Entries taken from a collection
--- START ---
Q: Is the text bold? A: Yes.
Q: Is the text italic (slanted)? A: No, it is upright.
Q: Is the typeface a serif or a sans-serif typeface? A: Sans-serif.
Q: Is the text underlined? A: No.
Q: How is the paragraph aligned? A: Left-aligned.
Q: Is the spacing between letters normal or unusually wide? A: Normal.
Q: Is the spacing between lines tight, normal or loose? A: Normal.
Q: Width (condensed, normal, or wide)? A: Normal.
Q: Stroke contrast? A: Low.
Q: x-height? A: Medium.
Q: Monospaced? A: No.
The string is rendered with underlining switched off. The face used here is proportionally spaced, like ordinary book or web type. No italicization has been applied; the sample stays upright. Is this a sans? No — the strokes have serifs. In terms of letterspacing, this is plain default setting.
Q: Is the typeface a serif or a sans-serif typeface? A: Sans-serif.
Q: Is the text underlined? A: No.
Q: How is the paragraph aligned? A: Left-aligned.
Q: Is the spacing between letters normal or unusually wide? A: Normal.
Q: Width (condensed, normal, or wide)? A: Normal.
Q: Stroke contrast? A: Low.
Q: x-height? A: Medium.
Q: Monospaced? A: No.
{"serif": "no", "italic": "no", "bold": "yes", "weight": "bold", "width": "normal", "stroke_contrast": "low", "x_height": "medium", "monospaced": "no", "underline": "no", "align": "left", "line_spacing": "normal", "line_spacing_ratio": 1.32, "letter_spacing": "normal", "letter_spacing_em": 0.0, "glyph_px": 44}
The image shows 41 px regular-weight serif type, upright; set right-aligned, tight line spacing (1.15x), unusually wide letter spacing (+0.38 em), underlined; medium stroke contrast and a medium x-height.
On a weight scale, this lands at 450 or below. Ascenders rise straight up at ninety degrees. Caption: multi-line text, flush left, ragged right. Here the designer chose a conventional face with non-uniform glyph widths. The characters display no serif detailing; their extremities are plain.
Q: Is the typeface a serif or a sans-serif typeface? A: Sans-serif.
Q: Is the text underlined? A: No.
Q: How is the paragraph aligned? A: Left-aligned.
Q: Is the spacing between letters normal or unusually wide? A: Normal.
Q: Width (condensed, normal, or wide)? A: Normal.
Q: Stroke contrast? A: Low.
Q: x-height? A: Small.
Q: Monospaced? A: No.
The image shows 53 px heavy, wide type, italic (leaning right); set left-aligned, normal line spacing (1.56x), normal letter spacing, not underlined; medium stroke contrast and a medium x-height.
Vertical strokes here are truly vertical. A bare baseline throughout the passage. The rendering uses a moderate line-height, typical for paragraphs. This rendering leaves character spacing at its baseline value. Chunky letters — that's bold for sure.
--- END ---
Filter the lines above, keeping and copying those that contain "shows".

EXERCISE RESPONSE
The image shows 41 px regular-weight serif type, upright; set right-aligned, tight line spacing (1.15x), unusually wide letter spacing (+0.38 em), underlined; medium stroke contrast and a medium x-height.
The image shows 53 px heavy, wide type, italic (leaning right); set left-aligned, normal line spacing (1.56x), normal letter spacing, not underlined; medium stroke contrast and a medium x-height.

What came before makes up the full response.